* **PROBLEM TO SOLVE**
The answer must consist of each line below that holds the word "degrees", copied as it stands.

Data excerpts
------------------------------
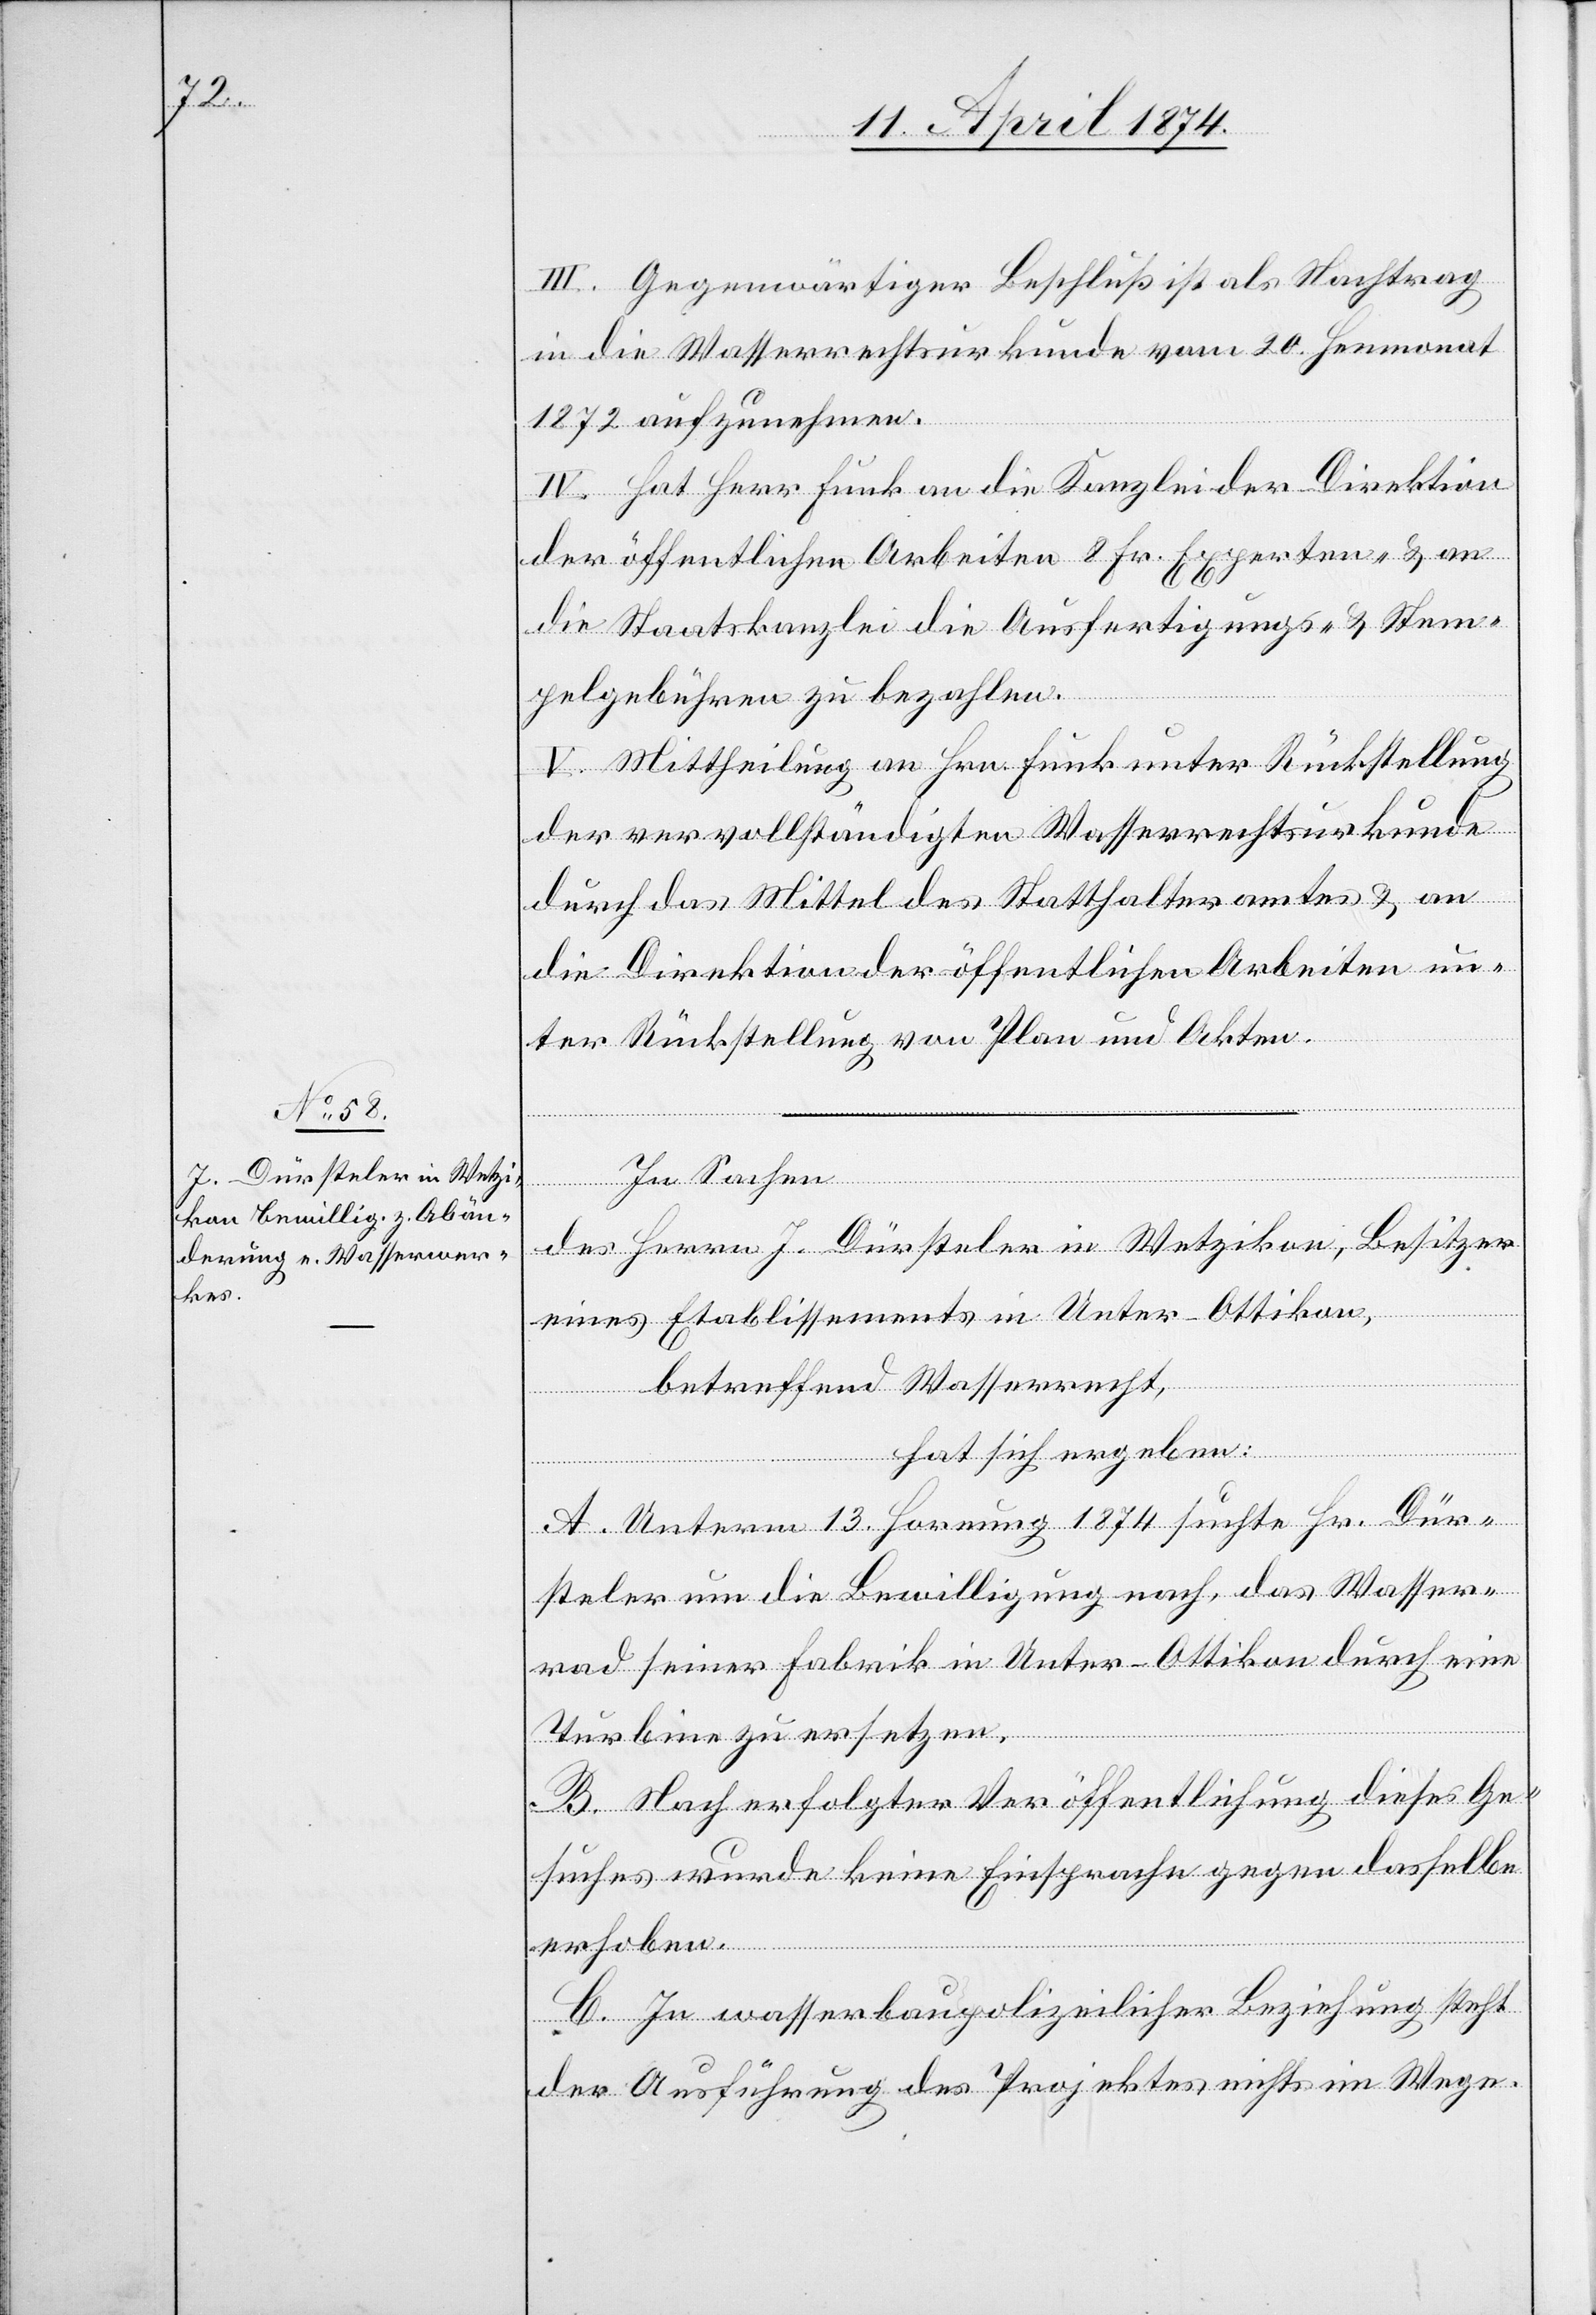
III. Gegenwärtiger Beschluß ist als Nachtrag
in die Wasserrechtsurkunde vom 20. Heumonat
1872 aufzunehmen.
IV. Hat Herr Funk an die Kanzlei der Direktion
der öffentlichen Arbeiten 8 Fr. Experten- u. an
die Staatskanzlei die Ausfertigungs- u. Stem¬
pelgebühren zu bezahlen.
V. Mittheilung an Hrn. Funk unter Rückstellung
der vervollständigten Wasserrechtsurkunde
durch das Mittel des Statthalteramtes u. an
die Direktion der öffentlichen Arbeiten un¬
ter Rückstellung von Plan und Akten.
In Sachen
des Herrn J. Dürsteler in Wetzikon, Besitzer
eines Etablissements in Unter-Ottikon,
betreffend Wasserrecht,
hat sich ergeben:
A. Unterm 13. Hornung 1874 suchte Hr. Dür¬
steler um die Bewilligung nach, das Wasser¬
rad seiner Fabrik in Unter-Ottikon durch eine
Turbine zu ersetzen.
B. Nach erfolgter Veröffentlichung dieses Ge¬
suches wurde keine Einsprache gegen dasselbe
erhoben.
C. In wasserbaupolizeilicher Beziehung steht
der Ausführung des Projektes nichts im Wege.
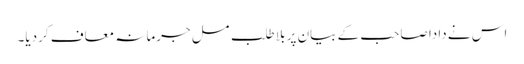
اس نے دادا صاحب کے بیان پر بلا طلب مسل جرمانہ معاف کردیا۔
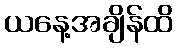
ယနေ့အချိန်ထိ
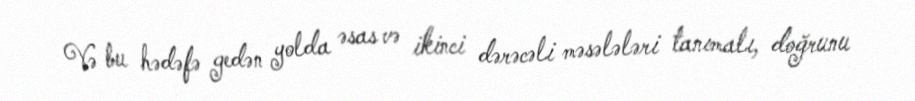
Və bu hədəfə gedən yolda əsas və ikinci dərəcəli məsələləri tanımalı, doğrunu
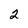
Character: 2
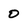
Character: 0
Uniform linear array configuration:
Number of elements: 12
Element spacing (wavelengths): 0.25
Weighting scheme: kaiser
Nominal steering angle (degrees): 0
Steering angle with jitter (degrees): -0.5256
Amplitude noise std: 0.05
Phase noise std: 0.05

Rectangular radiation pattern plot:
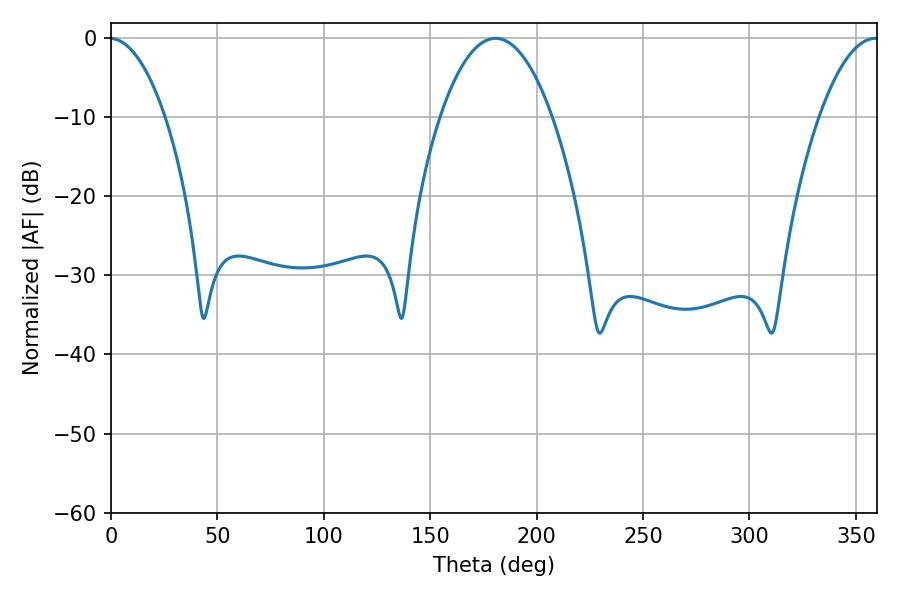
------------------------------
* **EXERCISE RESULT**
Nominal steering angle (degrees): 0
Steering angle with jitter (degrees): -0.5256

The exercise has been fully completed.